The numeric feature set gives our dimensionality reduction tools and clustering algorithms very little to work with, as demonstrated by the meaningless clusters plotted above.

#### PCA - Feature Set: X1 (numeric variables with all dummies)

In [None]:
pca_scree(X1, [2, 2], [0, 0.205], 'X1')

In [None]:
print('K-Means top 3 silhouette scores:')
display(km2())
print('\n\nGMM top 3 silhouette scores:')
display(gm2('diag'))
print('\n\nAgglomerative top 3 silhouette scores:')
display(ag2())

In [None]:
fig = plt.figure(figsize=(17, 13))
km = KMeans(n_clusters=4, random_state=4).fit(x2pc)
km_score = sil(x2pc, km.labels_, metric='cosine')
plt.subplot(2, 2, 1)
ax1 = sns.scatterplot(x=pc1, y=pc2, hue=km.labels_, legend='full')
plt.title(f'KMeans 4-cluster solution; silhouette score = {km_score:.2f}')
paxis_labels()
ax1.legend(loc='upper right', bbox_to_anchor=(1, 1), ncol=1)

gm = gmm(n_components=3, random_state=4,
         covariance_type='diag').fit_predict(x2pc)
gm_score = sil(x2pc, gm, metric='cosine')
plt.subplot(2, 2, 2)
ax2 = sns.scatterplot(x=pc1, y=pc2, hue=gm, legend='full')
plt.title(f'GMM 3-cluster solution; silhouette score = {gm_score:.2f}')
paxis_labels()
ax2.legend(loc='upper right', bbox_to_anchor=(1, 1), ncol=1)

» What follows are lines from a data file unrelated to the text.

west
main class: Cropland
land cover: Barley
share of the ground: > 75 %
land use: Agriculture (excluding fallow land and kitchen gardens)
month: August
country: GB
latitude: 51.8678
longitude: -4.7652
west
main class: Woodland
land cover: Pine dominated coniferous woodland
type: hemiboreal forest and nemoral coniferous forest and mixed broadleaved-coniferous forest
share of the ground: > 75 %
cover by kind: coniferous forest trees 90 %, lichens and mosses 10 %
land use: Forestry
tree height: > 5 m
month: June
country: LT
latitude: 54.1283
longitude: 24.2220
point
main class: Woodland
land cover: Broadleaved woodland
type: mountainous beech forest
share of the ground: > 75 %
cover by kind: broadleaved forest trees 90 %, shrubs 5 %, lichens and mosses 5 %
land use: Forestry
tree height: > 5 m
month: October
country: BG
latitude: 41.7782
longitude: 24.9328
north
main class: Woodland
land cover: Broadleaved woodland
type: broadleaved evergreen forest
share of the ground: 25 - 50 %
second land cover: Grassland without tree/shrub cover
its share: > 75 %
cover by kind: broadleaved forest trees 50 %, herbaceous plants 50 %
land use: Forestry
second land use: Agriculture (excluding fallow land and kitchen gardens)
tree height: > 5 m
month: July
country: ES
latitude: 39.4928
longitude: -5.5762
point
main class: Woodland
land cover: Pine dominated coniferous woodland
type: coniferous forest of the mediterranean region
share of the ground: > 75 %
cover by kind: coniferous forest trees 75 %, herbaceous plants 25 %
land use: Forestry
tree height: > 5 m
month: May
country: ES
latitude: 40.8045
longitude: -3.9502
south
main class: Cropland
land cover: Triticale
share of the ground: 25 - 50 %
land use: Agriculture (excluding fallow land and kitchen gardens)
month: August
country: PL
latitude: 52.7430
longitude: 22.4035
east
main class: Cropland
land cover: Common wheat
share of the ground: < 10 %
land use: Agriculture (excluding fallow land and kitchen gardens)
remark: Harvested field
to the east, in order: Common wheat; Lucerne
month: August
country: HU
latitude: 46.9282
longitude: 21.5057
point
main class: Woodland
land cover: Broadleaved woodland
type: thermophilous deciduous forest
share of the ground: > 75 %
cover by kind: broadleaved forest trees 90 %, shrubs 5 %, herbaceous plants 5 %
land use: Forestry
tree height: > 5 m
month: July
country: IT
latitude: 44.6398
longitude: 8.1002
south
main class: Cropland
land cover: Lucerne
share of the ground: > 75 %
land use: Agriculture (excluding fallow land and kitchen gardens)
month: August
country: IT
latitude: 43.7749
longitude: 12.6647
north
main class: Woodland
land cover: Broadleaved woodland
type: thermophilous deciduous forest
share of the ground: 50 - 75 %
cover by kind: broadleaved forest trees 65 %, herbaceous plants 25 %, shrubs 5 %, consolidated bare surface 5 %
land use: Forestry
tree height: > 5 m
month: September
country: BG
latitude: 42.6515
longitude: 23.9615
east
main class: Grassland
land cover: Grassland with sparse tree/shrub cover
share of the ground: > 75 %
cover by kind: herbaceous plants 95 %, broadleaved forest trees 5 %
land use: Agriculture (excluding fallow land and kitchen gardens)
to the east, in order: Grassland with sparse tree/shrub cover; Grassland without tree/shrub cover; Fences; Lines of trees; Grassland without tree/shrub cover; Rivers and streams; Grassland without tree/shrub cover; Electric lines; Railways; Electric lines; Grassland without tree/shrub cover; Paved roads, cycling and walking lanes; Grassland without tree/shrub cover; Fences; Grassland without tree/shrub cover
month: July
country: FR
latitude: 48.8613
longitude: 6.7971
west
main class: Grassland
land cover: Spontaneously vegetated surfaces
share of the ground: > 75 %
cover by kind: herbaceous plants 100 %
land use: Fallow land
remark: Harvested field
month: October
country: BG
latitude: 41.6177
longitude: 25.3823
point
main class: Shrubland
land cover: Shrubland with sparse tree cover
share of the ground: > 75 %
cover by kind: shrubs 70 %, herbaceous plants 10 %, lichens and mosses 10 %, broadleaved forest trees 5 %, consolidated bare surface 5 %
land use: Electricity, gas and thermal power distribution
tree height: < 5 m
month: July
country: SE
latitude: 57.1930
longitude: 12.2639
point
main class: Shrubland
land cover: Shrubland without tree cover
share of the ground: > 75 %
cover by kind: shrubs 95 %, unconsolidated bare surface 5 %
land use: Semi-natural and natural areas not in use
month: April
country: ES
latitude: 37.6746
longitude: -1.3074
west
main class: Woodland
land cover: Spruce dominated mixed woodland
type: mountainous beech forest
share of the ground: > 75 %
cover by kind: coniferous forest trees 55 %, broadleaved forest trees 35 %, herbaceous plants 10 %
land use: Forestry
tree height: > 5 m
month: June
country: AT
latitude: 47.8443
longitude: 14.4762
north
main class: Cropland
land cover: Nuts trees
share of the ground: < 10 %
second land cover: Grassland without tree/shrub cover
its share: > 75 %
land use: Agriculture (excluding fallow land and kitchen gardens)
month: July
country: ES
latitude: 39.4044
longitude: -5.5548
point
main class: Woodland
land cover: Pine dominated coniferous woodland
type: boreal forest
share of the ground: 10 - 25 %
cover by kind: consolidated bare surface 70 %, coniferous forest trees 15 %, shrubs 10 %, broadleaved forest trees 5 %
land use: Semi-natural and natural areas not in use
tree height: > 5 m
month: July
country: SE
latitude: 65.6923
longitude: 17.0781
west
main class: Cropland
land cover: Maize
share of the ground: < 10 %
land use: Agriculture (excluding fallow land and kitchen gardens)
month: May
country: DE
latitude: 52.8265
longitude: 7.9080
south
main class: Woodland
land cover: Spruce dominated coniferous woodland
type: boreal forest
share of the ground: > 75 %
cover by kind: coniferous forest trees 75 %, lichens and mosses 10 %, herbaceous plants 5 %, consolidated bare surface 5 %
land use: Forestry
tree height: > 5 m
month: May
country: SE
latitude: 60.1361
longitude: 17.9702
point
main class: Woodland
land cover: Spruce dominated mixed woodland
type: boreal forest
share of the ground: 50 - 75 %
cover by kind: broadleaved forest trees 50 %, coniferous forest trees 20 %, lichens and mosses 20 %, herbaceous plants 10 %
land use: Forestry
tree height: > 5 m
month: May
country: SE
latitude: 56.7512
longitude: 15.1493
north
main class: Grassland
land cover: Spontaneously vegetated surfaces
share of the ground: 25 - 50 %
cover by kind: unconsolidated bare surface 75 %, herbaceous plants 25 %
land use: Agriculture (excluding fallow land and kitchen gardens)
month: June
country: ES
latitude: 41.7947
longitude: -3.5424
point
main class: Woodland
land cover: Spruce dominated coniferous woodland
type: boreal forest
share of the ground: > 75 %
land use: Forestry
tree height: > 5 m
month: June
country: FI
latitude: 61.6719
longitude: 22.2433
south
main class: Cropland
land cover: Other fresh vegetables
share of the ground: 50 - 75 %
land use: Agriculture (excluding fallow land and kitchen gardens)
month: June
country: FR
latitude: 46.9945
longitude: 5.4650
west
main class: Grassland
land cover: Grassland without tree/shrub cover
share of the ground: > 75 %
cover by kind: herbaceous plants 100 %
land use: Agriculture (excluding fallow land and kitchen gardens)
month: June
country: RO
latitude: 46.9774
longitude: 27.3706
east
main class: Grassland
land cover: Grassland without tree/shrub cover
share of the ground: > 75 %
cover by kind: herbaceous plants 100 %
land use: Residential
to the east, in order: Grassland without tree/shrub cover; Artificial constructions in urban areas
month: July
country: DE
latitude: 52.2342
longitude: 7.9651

ag = agc(n_clusters=5, affinity='cosine', linkage='average').fit_predict(x2pc)
ag_score = sil(x2pc, ag, metric='cosine')
plt.subplot(2, 2, 3)
ax3 = sns.scatterplot(x=pc1, y=pc2, hue=ag, legend='full')
plt.title(f'Agglomerative 5-cluster solution;'\
          f' silhouette score = {ag_score:.2f}')
paxis_labels()
ax3.legend(loc='upper right', bbox_to_anchor=(1, 1), ncol=1)

db = DBSCAN(eps=0.07, min_samples=2)
clusters = db.fit_predict(x2pc)
db_score = sil(x2pc, clusters)
db2d()
ax4.legend(loc='upper right', bbox_to_anchor=(1, 1), ncol=1)
plt.show()

### 2 Component Results

KMeans, GMM, and Agglomerative identified only a few clusters each, which GMM partitioned the best. DBSCAN generated the most logically separated clusters with very little noise.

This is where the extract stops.